# Stored entries:
- Opening Delimiter -

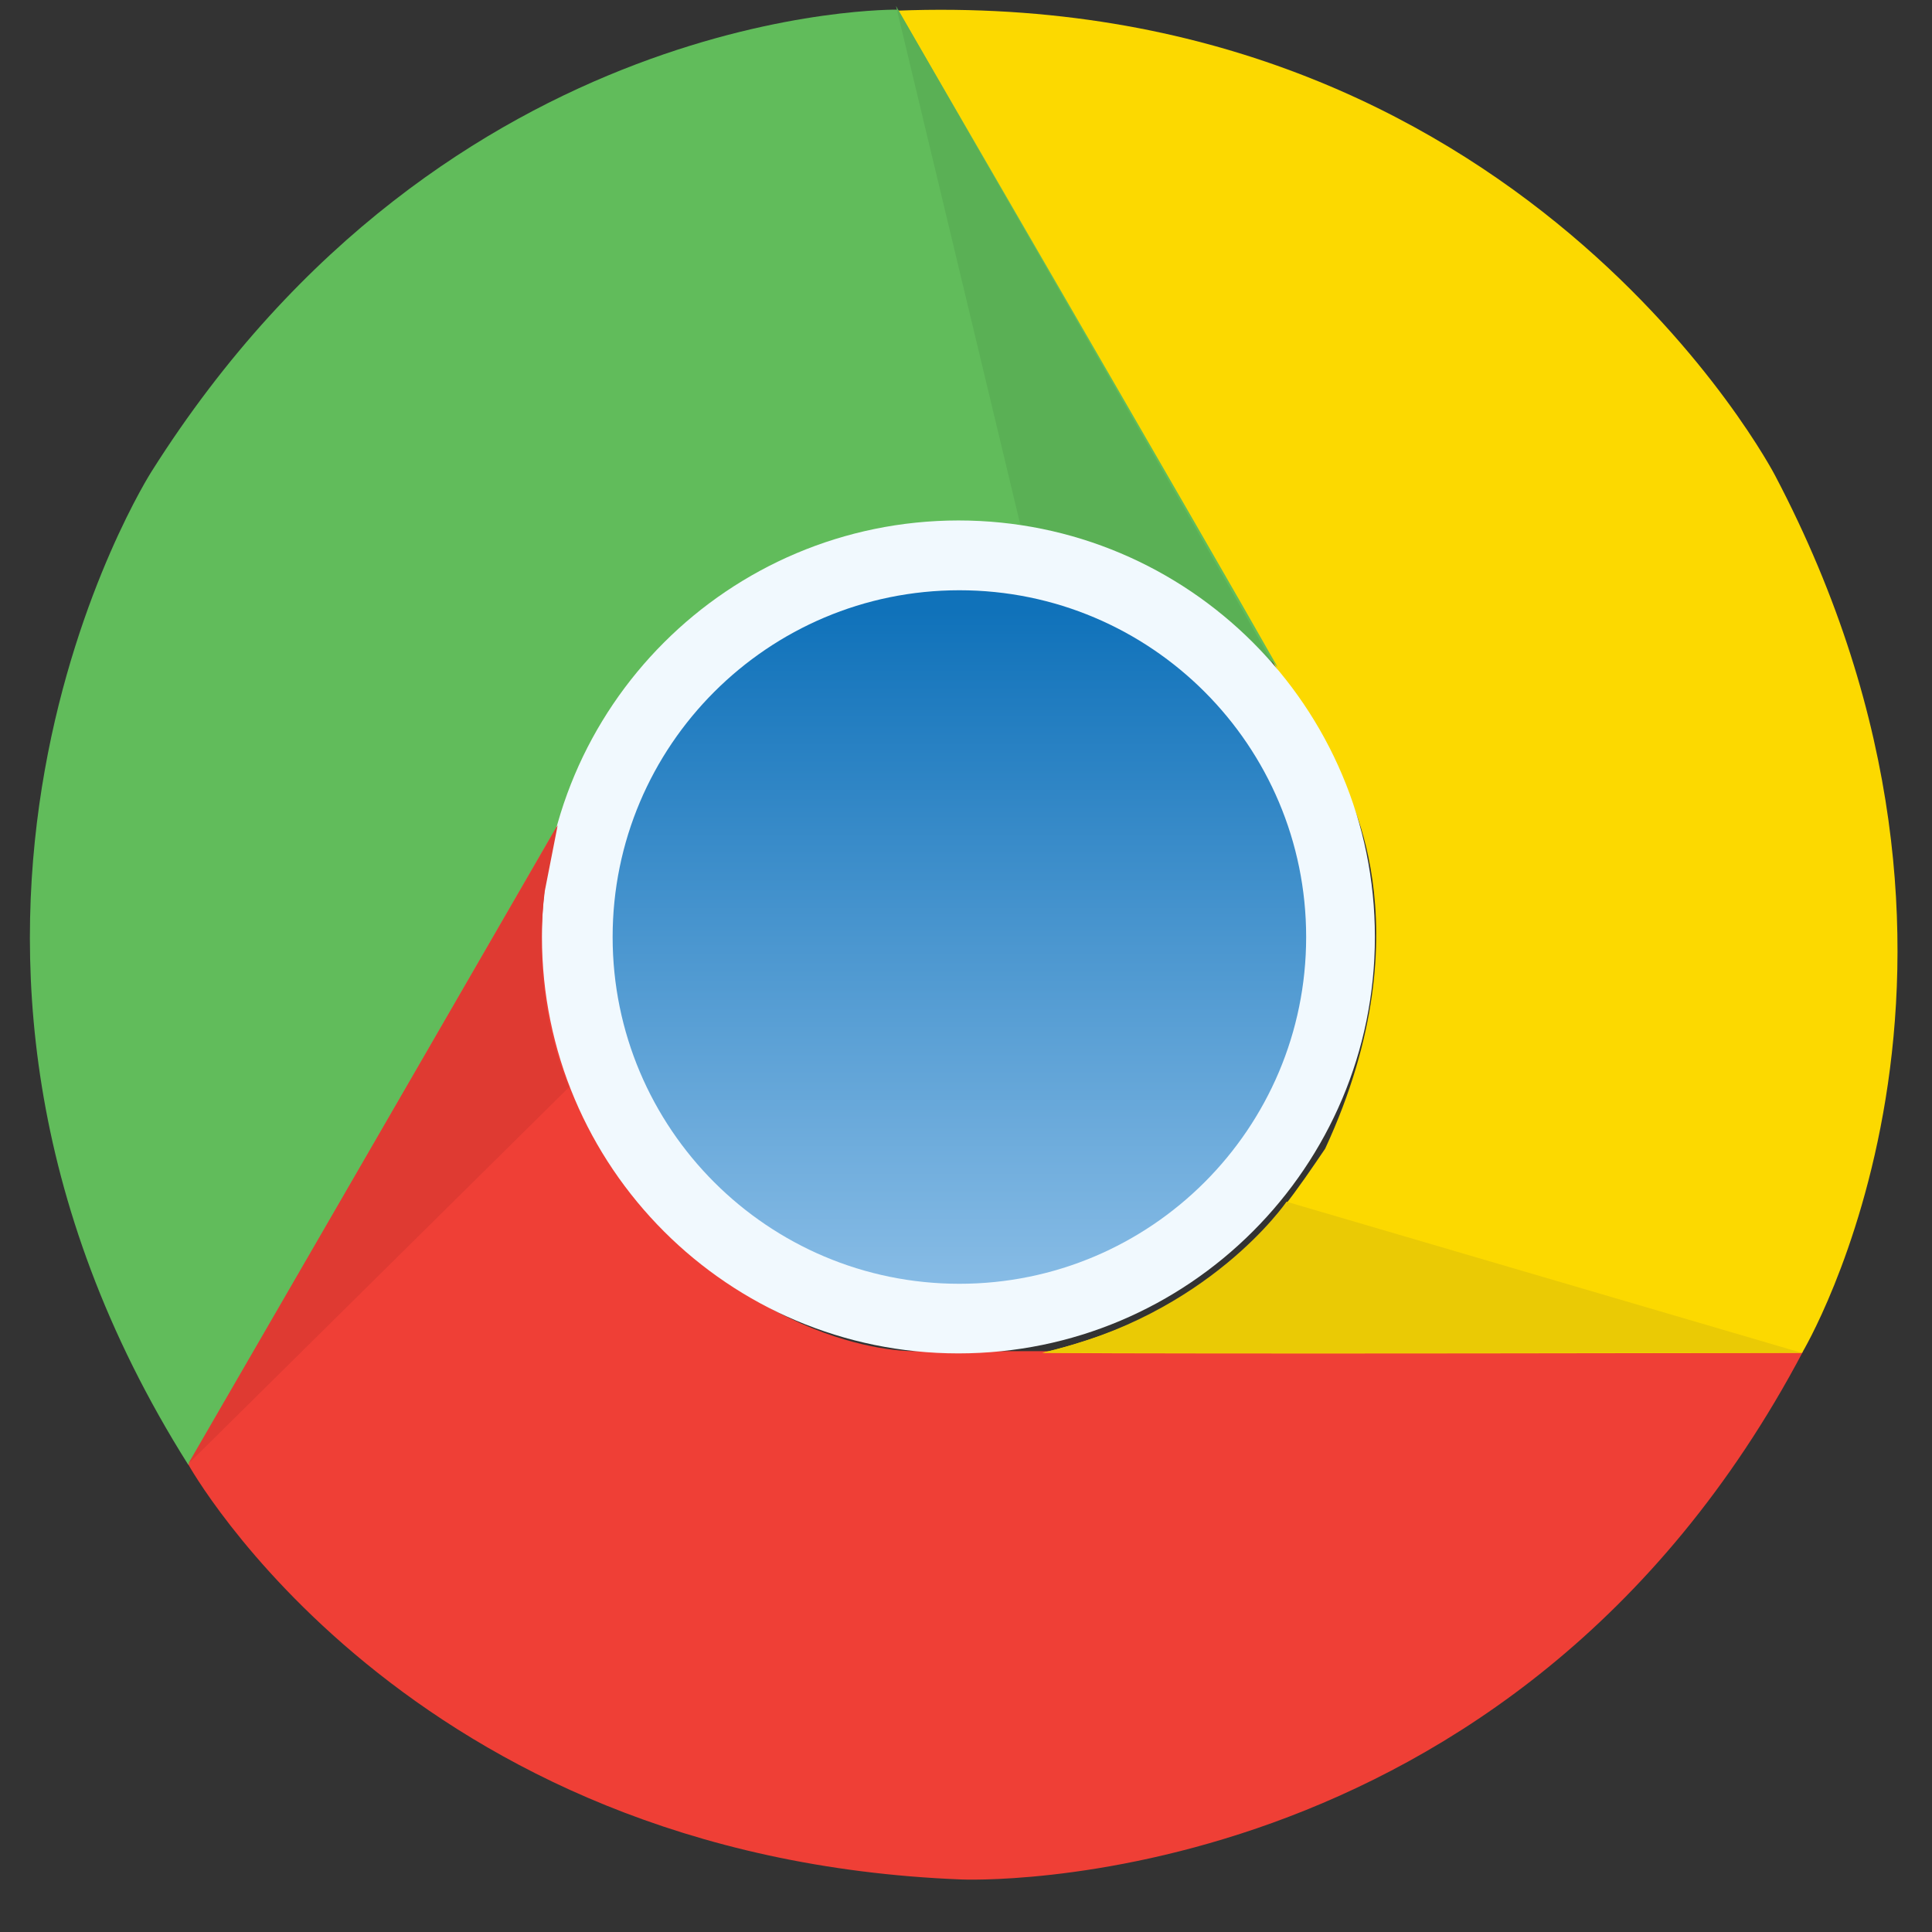 <svg width="31" height="31" viewBox="0 0 31 31" fill="none" xmlns="http://www.w3.org/2000/svg">
<rect x="0" y="0" width="31" height="31" fill="#333333" stroke="none"/>
<path d="M15.424 30.157C15.424 30.157 24.252 30.554 28.933 21.68H14.673C14.673 21.68 11.981 21.766 9.682 18.502C9.022 17.131 8.312 15.72 9.109 12.938C7.961 14.882 3.017 23.491 3.017 23.491C3.017 23.491 6.504 29.807 15.424 30.157H15.424Z" fill="#EF3F36"/>
<path d="M28.482 7.629C28.482 7.629 24.408 -0.217 14.387 0.171C15.625 2.313 21.519 12.52 21.519 12.52C21.519 12.52 22.943 14.807 21.263 18.431C20.408 19.69 19.538 21.006 16.731 21.708C18.989 21.729 28.915 21.708 28.915 21.708C28.915 21.708 32.634 15.529 28.482 7.629Z" fill="#FCD900"/>
<path d="M2.43 7.568C2.43 7.568 -2.329 15.018 3.021 23.504C4.255 21.362 10.149 11.154 10.149 11.154C10.149 11.154 11.42 8.777 15.395 8.422C16.91 8.533 18.486 8.628 20.5 10.704C19.39 8.74 14.408 0.155 14.408 0.155C14.408 0.155 7.193 0.023 2.43 7.568H2.43Z" fill="#61BC5B"/>
<path d="M14.377 0.096L16.383 8.467C16.383 8.467 18.587 8.64 20.436 10.666C19.289 8.648 14.377 0.096 14.377 0.096Z" fill="#5AB055"/>
<path d="M8.696 15.033C8.696 18.723 11.688 21.716 15.378 21.716C19.068 21.716 22.061 18.723 22.061 15.033C22.061 11.343 19.068 8.351 15.378 8.351C11.688 8.355 8.696 11.343 8.696 15.033Z" fill="#F1F9FE"/>
<path d="M9.83 15.035C9.83 18.106 12.319 20.599 15.394 20.599C18.465 20.599 20.958 18.11 20.958 15.035C20.958 11.964 18.469 9.471 15.394 9.471C12.323 9.471 9.83 11.964 9.83 15.035Z" fill="url(#paint0_linear_57_6424)"/>
<path d="M28.902 21.705L20.643 19.282C20.643 19.282 19.396 21.111 16.718 21.705C19.041 21.717 28.902 21.705 28.902 21.705Z" fill="#EACA05"/>
<path d="M8.948 13.244C7.788 15.254 3.017 23.492 3.017 23.492L9.134 17.441C9.134 17.441 8.506 16.149 8.741 14.3L8.948 13.244H8.948Z" fill="#DF3A32"/>
<defs>
<linearGradient id="paint0_linear_57_6424" x1="15.394" y1="20.52" x2="15.394" y2="9.806" gradientUnits="userSpaceOnUse">
<stop stop-color="#86BBE5"/>
<stop offset="1" stop-color="#1072BA"/>
</linearGradient>
</defs>
</svg>

- Closing Delimiter -

# Task goal:
Images are to be left out when the records above are written out again exactly.

# Answer to this task:
 <svg width="31" height="31" viewBox="0 0 31 31" fill="none" xmlns="http://www.w3.org/2000/svg">
<rect x="0" y="0" width="31" height="31" fill="#333333" stroke="none"/>
<path d="M15.424 30.157C15.424 30.157 24.252 30.554 28.933 21.68H14.673C14.673 21.68 11.981 21.766 9.682 18.502C9.022 17.131 8.312 15.72 9.109 12.938C7.961 14.882 3.017 23.491 3.017 23.491C3.017 23.491 6.504 29.807 15.424 30.157H15.424Z" fill="#EF3F36"/>
<path d="M28.482 7.629C28.482 7.629 24.408 -0.217 14.387 0.171C15.625 2.313 21.519 12.52 21.519 12.52C21.519 12.52 22.943 14.807 21.263 18.431C20.408 19.69 19.538 21.006 16.731 21.708C18.989 21.729 28.915 21.708 28.915 21.708C28.915 21.708 32.634 15.529 28.482 7.629Z" fill="#FCD900"/>
<path d="M2.43 7.568C2.43 7.568 -2.329 15.018 3.021 23.504C4.255 21.362 10.149 11.154 10.149 11.154C10.149 11.154 11.42 8.777 15.395 8.422C16.91 8.533 18.486 8.628 20.5 10.704C19.39 8.74 14.408 0.155 14.408 0.155C14.408 0.155 7.193 0.023 2.43 7.568H2.43Z" fill="#61BC5B"/>
<path d="M14.377 0.096L16.383 8.467C16.383 8.467 18.587 8.64 20.436 10.666C19.289 8.648 14.377 0.096 14.377 0.096Z" fill="#5AB055"/>
<path d="M8.696 15.033C8.696 18.723 11.688 21.716 15.378 21.716C19.068 21.716 22.061 18.723 22.061 15.033C22.061 11.343 19.068 8.351 15.378 8.351C11.688 8.355 8.696 11.343 8.696 15.033Z" fill="#F1F9FE"/>
<path d="M9.83 15.035C9.83 18.106 12.319 20.599 15.394 20.599C18.465 20.599 20.958 18.11 20.958 15.035C20.958 11.964 18.469 9.471 15.394 9.471C12.323 9.471 9.83 11.964 9.83 15.035Z" fill="url(#paint0_linear_57_6424)"/>
<path d="M28.902 21.705L20.643 19.282C20.643 19.282 19.396 21.111 16.718 21.705C19.041 21.717 28.902 21.705 28.902 21.705Z" fill="#EACA05"/>
<path d="M8.948 13.244C7.788 15.254 3.017 23.492 3.017 23.492L9.134 17.441C9.134 17.441 8.506 16.149 8.741 14.3L8.948 13.244H8.948Z" fill="#DF3A32"/>
<defs>
<linearGradient id="paint0_linear_57_6424" x1="15.394" y1="20.52" x2="15.394" y2="9.806" gradientUnits="userSpaceOnUse">
<stop stop-color="#86BBE5"/>
<stop offset="1" stop-color="#1072BA"/>
</linearGradient>
</defs>
</svg>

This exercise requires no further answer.